## TASK INSTRUCTIONS
After finding the line with "land cover: Common wheat" in the entries below, retype exactly each line from there through the line with "longitude: 4.1804", including that final line.

BEGIN

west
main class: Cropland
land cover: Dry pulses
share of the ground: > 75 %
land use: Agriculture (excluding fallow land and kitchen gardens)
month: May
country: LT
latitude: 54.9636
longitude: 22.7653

END
BEGIN

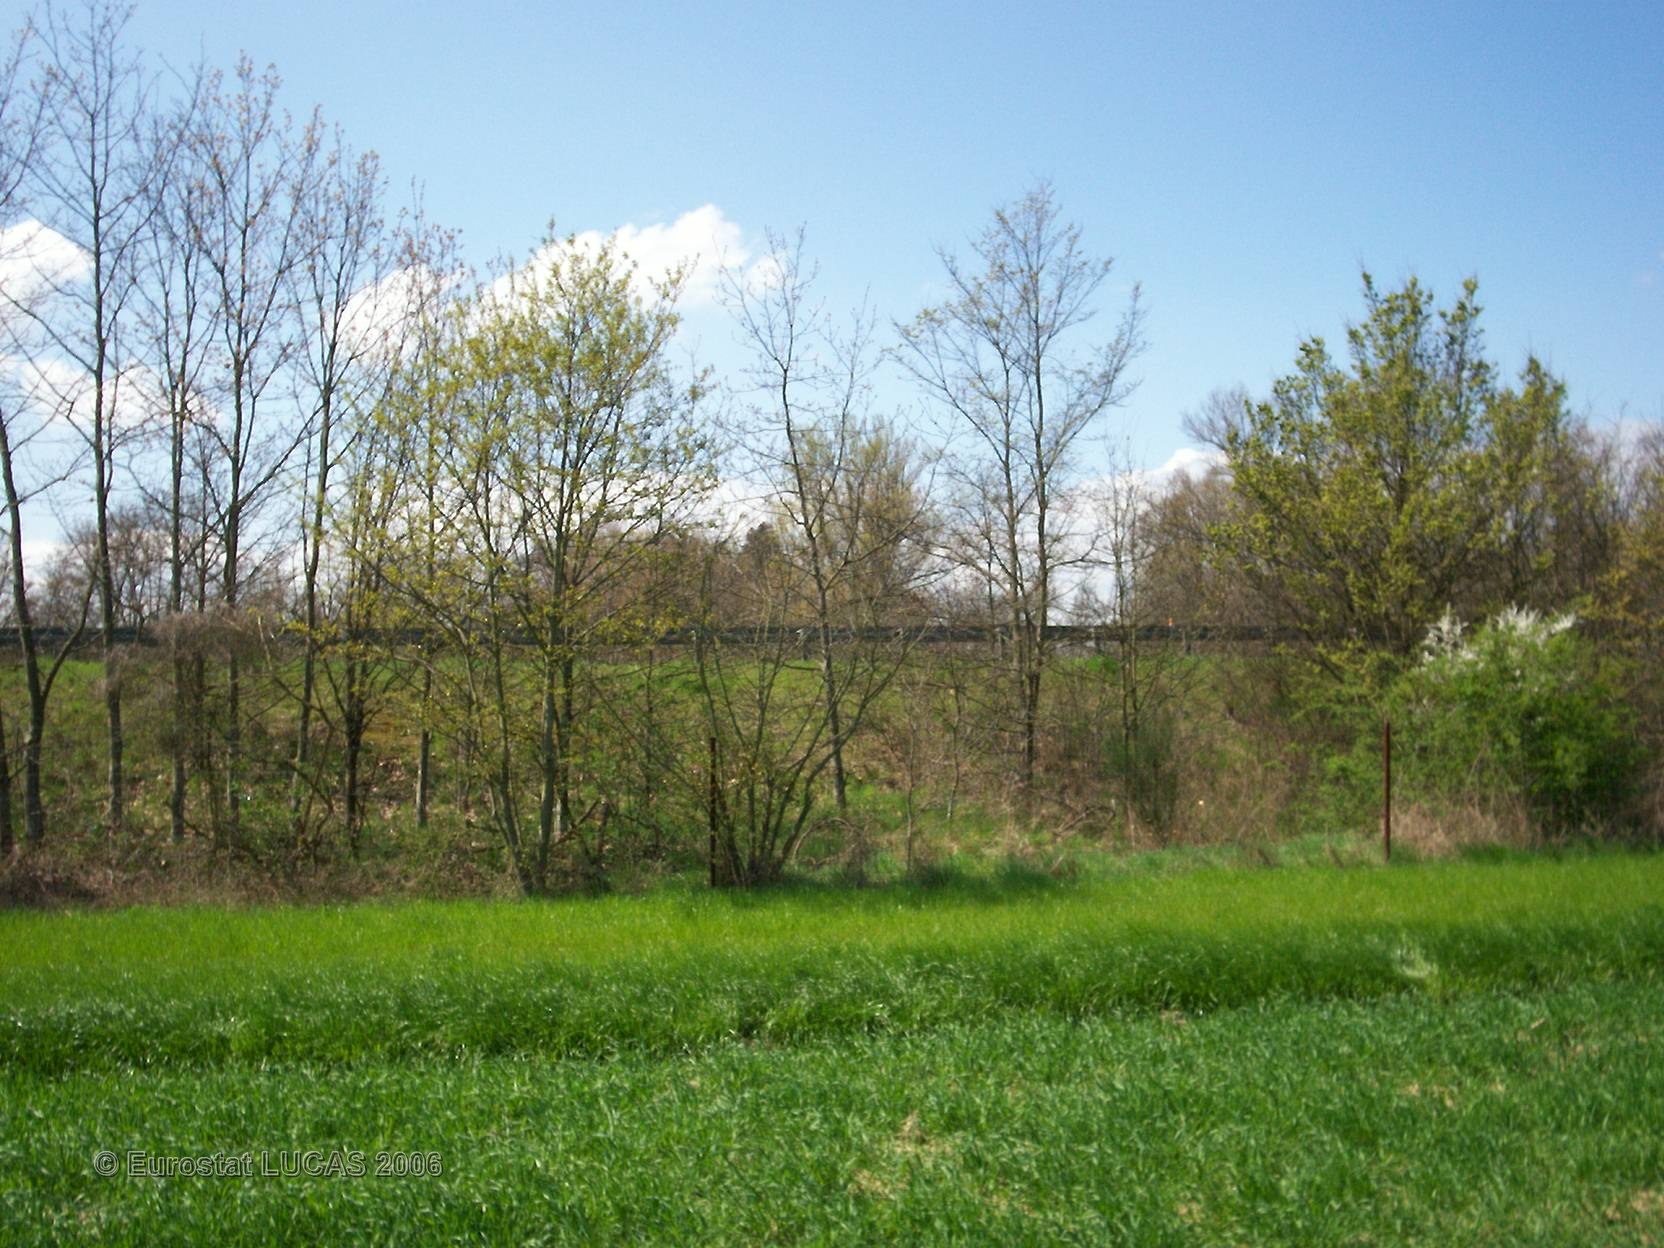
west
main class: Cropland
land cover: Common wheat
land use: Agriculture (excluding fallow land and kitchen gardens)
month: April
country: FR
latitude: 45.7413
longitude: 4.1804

END

## RESPONSE BELOW
land cover: Common wheat
land use: Agriculture (excluding fallow land and kitchen gardens)
month: April
country: FR
latitude: 45.7413
longitude: 4.1804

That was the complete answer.